## WORK INSTRUCTION
Your result will be the set of lines with "giving", copied from the material below.

[GIVEN ENTRIES]

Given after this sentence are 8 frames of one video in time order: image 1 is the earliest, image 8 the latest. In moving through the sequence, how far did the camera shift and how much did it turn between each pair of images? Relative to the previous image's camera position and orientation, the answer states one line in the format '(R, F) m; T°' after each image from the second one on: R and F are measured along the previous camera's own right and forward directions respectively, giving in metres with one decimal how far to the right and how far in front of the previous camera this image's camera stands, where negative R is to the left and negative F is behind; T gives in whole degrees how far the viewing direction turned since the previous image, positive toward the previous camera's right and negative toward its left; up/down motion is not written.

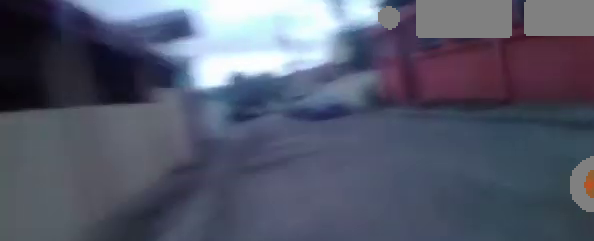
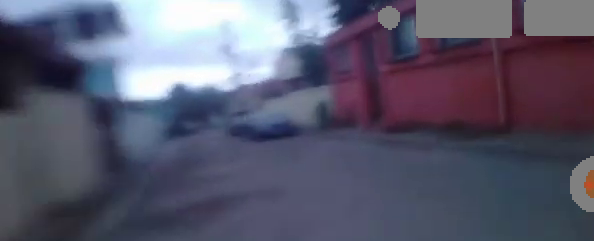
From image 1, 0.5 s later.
(0.0, +2.6) m; 0°
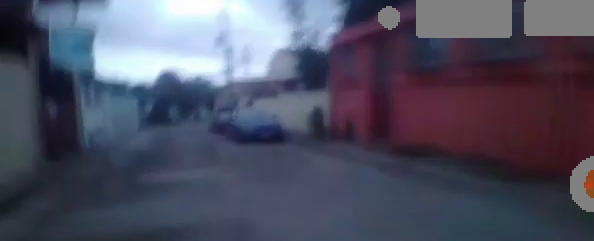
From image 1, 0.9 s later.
(0.0, +2.0) m; 0°
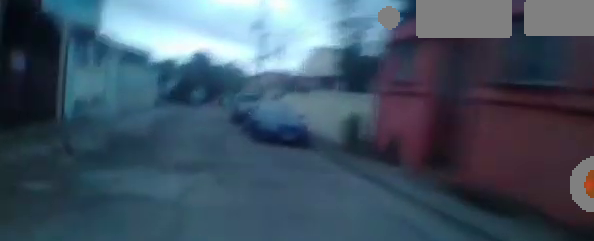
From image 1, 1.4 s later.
(0.0, +2.2) m; 0°
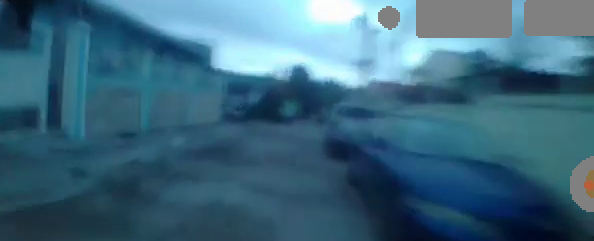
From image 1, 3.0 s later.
(-0.5, +7.5) m; -7°
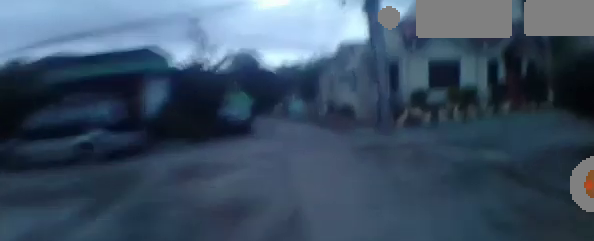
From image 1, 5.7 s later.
(-0.3, +11.7) m; +2°
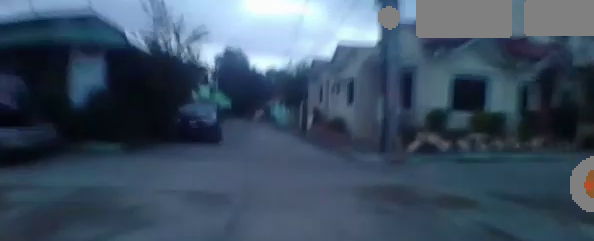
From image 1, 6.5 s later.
(+0.2, +3.3) m; +12°
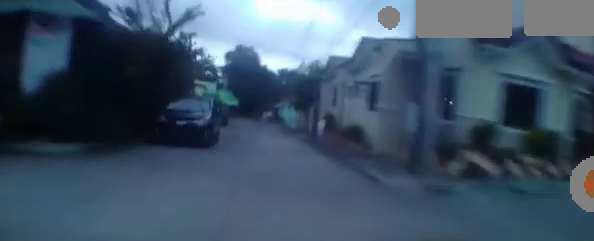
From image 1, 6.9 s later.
(+0.2, +1.8) m; +1°
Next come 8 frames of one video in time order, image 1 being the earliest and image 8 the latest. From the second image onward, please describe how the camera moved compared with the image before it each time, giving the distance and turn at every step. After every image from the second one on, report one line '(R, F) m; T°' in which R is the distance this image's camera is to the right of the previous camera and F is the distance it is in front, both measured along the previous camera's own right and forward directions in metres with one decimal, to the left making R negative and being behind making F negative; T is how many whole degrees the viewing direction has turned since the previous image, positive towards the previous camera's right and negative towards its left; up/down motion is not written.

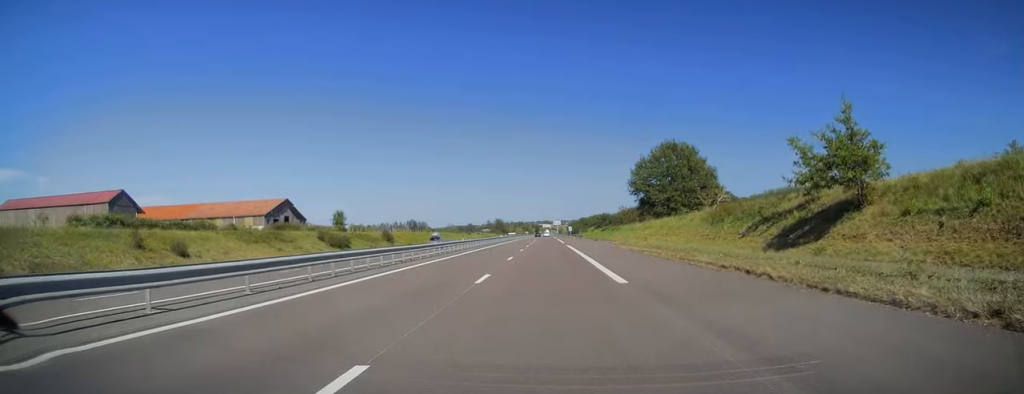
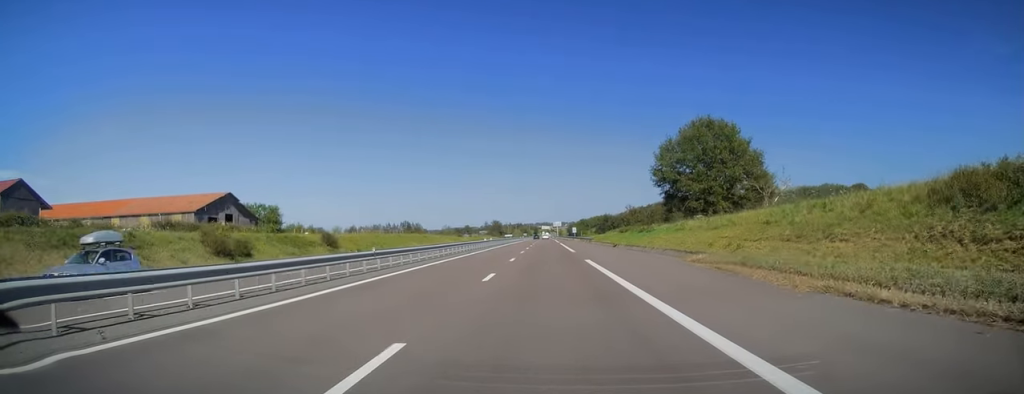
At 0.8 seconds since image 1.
(0.0, +24.6) m; 0°
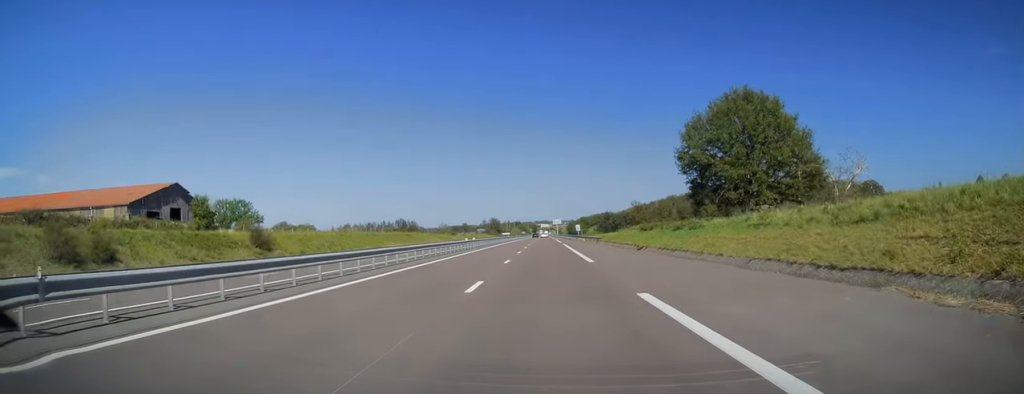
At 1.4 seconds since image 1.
(0.0, +16.7) m; 0°
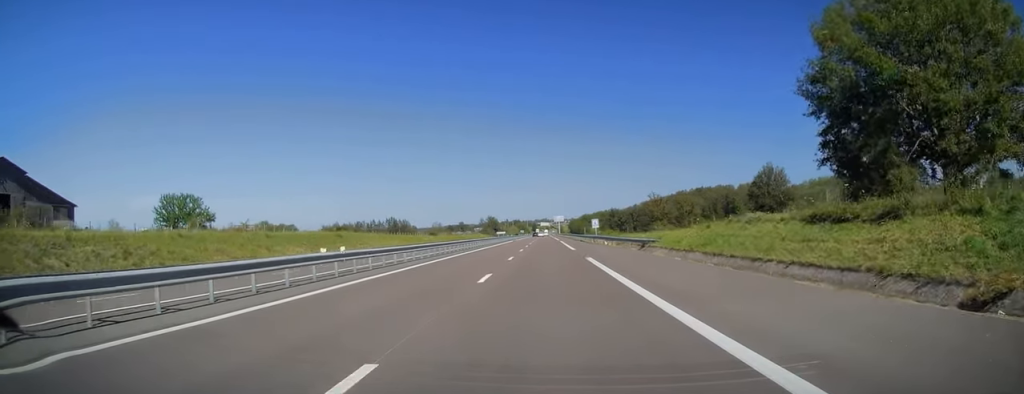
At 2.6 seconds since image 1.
(+0.1, +36.4) m; +1°
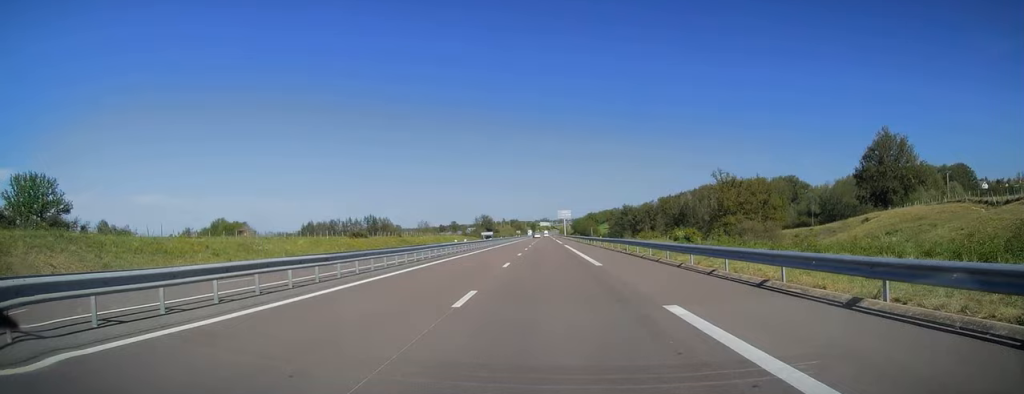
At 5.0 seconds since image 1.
(+0.1, +69.8) m; -1°
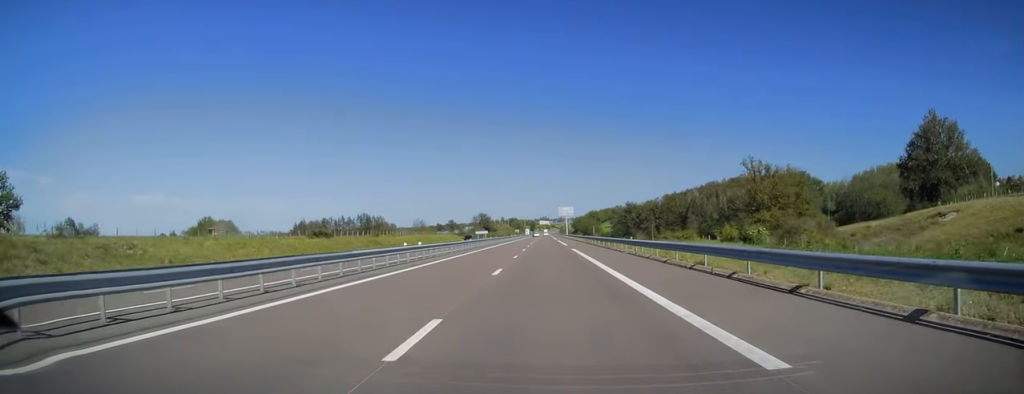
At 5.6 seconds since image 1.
(0.0, +17.7) m; +1°
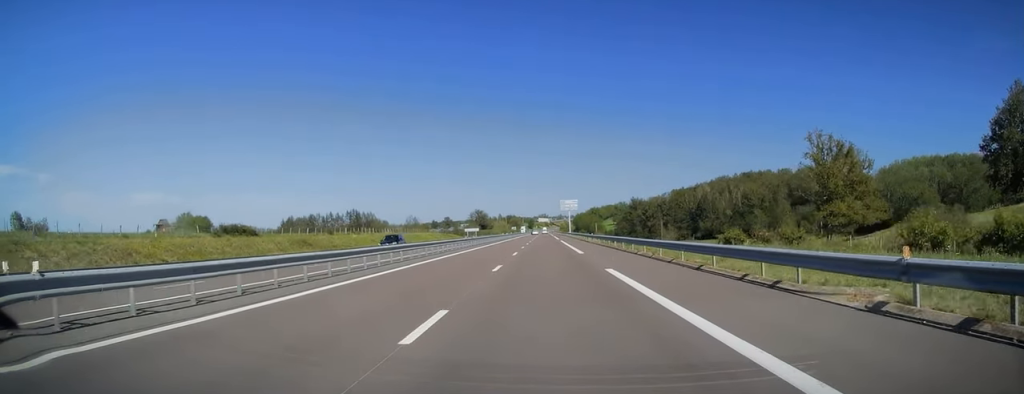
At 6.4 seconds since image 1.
(+0.2, +25.1) m; 0°
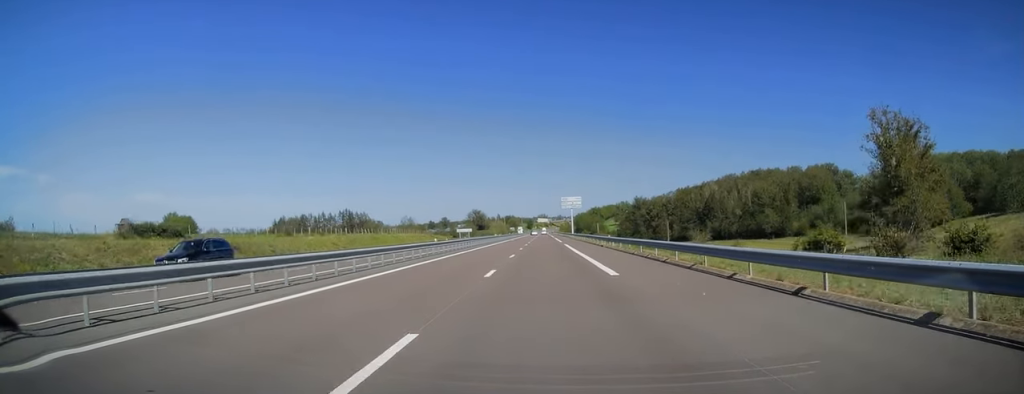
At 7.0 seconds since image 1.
(+0.2, +15.3) m; 0°
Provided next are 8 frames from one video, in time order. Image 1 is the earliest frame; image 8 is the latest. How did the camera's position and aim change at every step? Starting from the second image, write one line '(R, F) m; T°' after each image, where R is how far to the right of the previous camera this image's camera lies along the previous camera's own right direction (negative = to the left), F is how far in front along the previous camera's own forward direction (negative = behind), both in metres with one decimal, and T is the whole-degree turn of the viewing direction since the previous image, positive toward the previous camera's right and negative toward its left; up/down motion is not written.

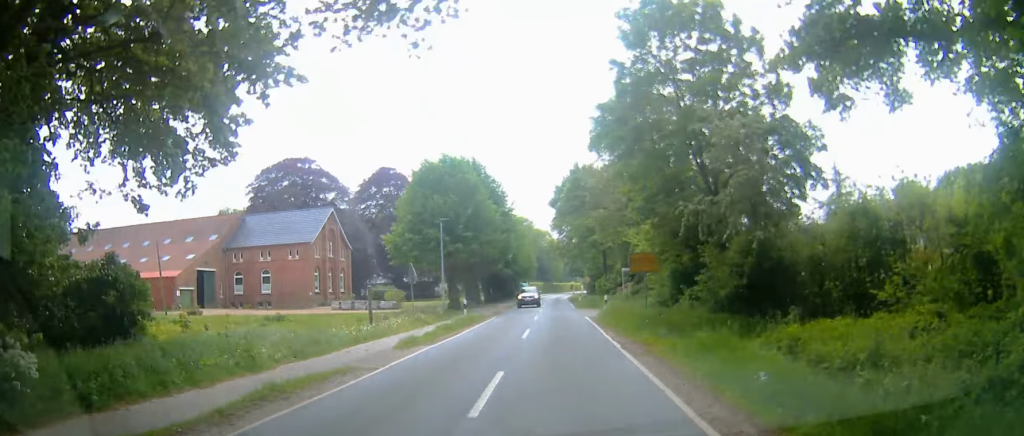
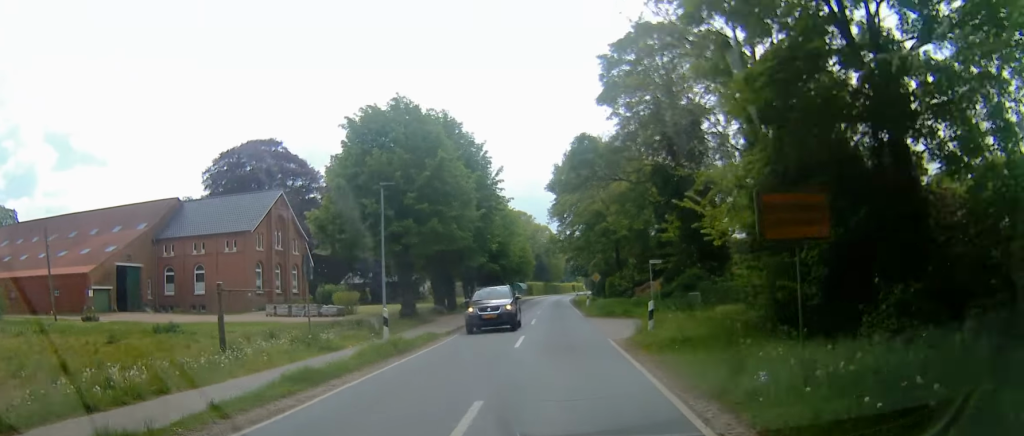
(0.0, +15.0) m; +2°
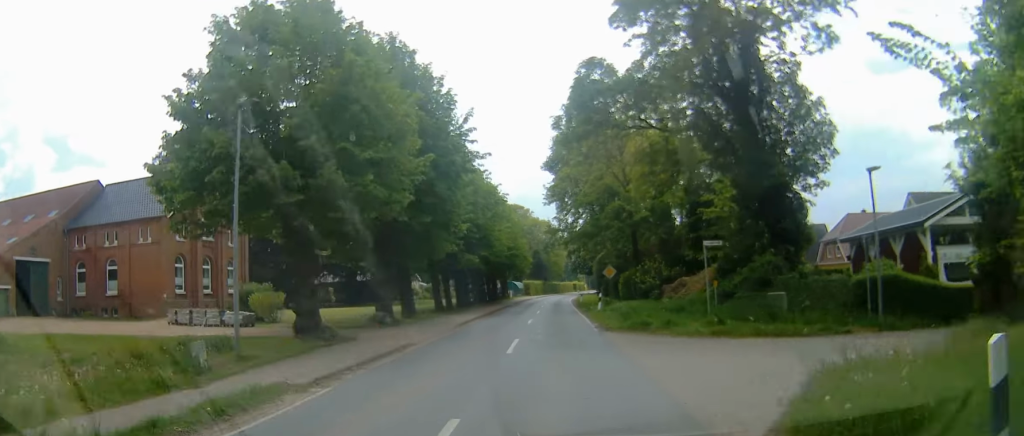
(+0.5, +13.5) m; +2°
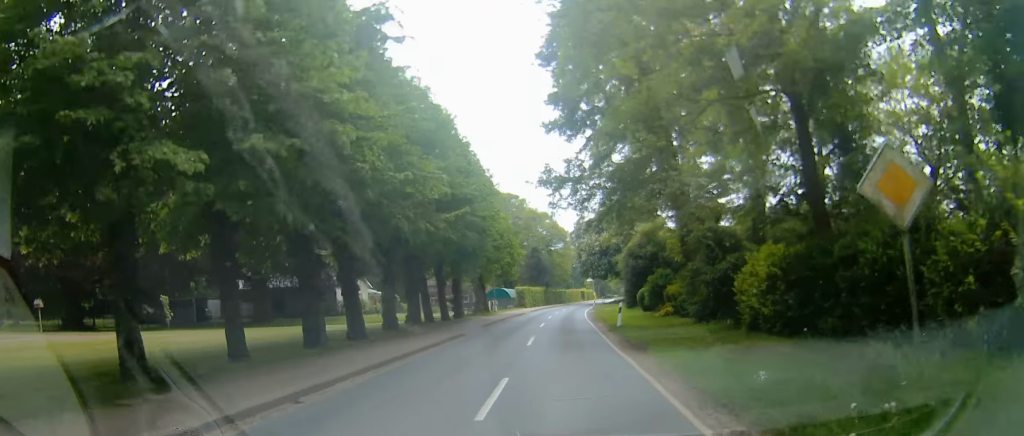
(+0.4, +31.4) m; -1°
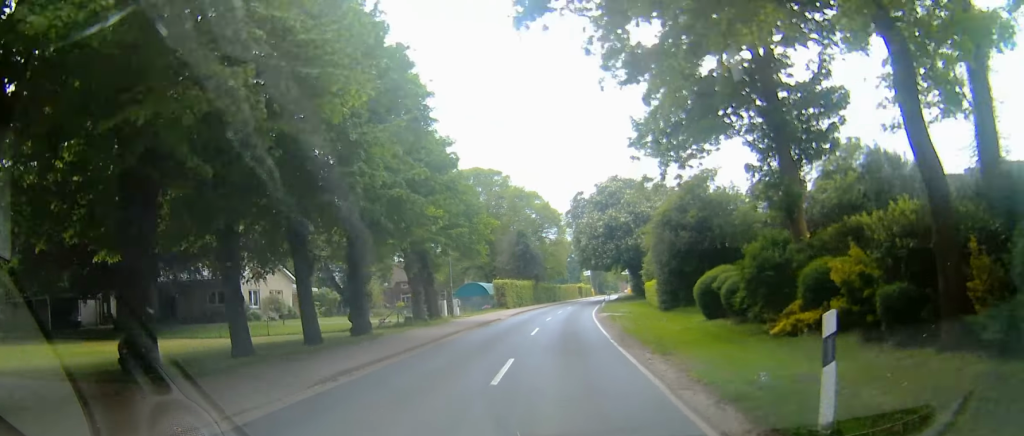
(-0.8, +21.5) m; -3°
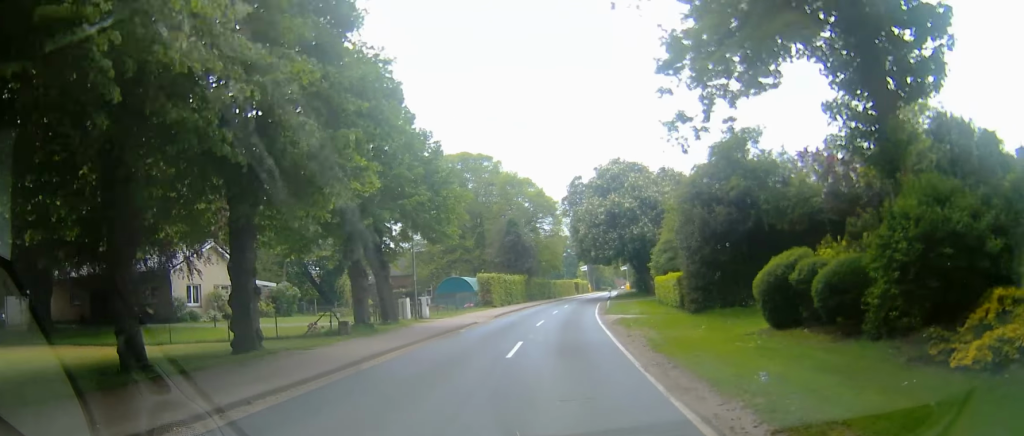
(-0.1, +8.6) m; +2°
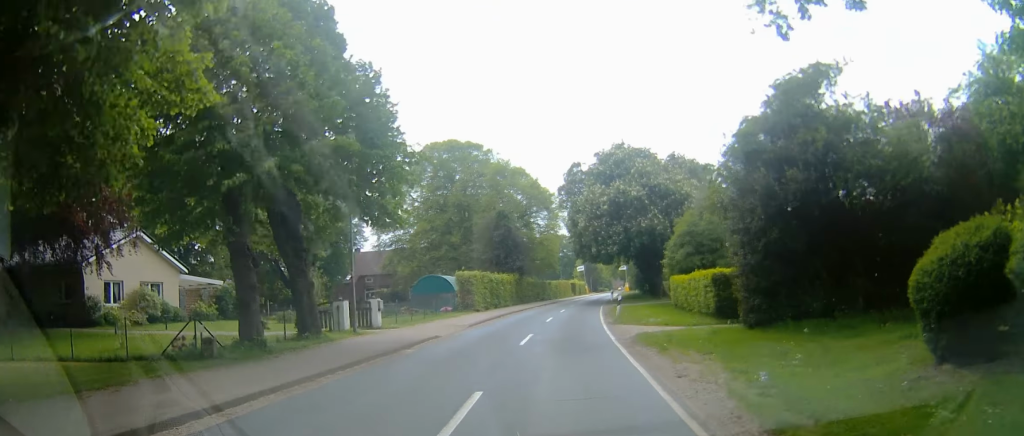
(-0.3, +8.6) m; +3°
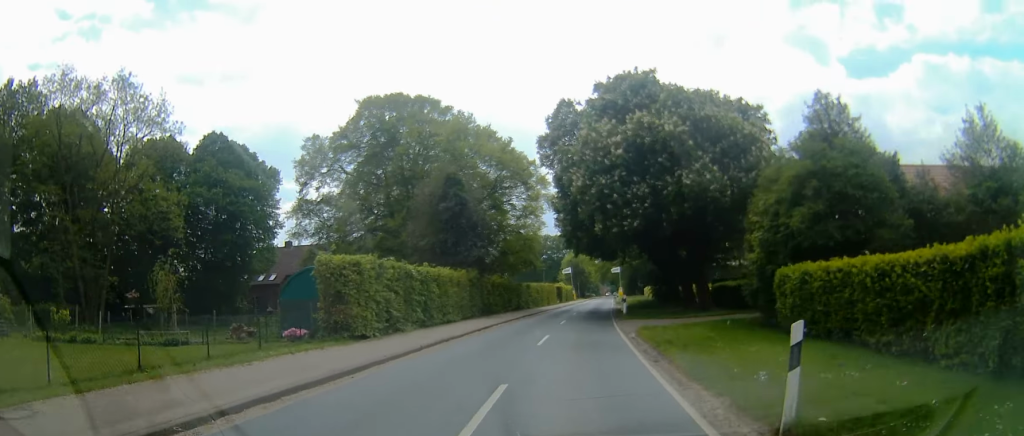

[/GIVEN ENTRIES]

## RESULT
Given after this sentence are 8 frames of one video in time order: image 1 is the earliest, image 8 the latest. In moving through the sequence, how far did the camera shift and how much did it turn between each pair of images? Relative to the previous image's camera position and orientation, the answer states one line in the format '(R, F) m; T°' after each image from the second one on: R and F are measured along the previous camera's own right and forward directions respectively, giving in metres with one decimal how far to the right and how far in front of the previous camera this image's camera stands, where negative R is to the left and negative F is behind; T gives in whole degrees how far the viewing direction turned since the previous image, positive toward the previous camera's right and negative toward its left; up/down motion is not written.
Next come 8 frames of one video in time order, image 1 being the earliest and image 8 the latest. From the second image onward, please describe how the camera moved compared with the image before it each time, giving the distance and turn at every step. After every image from the second one on, report one line '(R, F) m; T°' in which R is the distance this image's camera is to the right of the previous camera and F is the distance it is in front, both measured along the previous camera's own right and forward directions in metres with one decimal, to the left making R negative and being behind making F negative; T is how many whole degrees the viewing direction has turned since the previous image, positive towards the previous camera's right and negative towards its left; up/down motion is not written.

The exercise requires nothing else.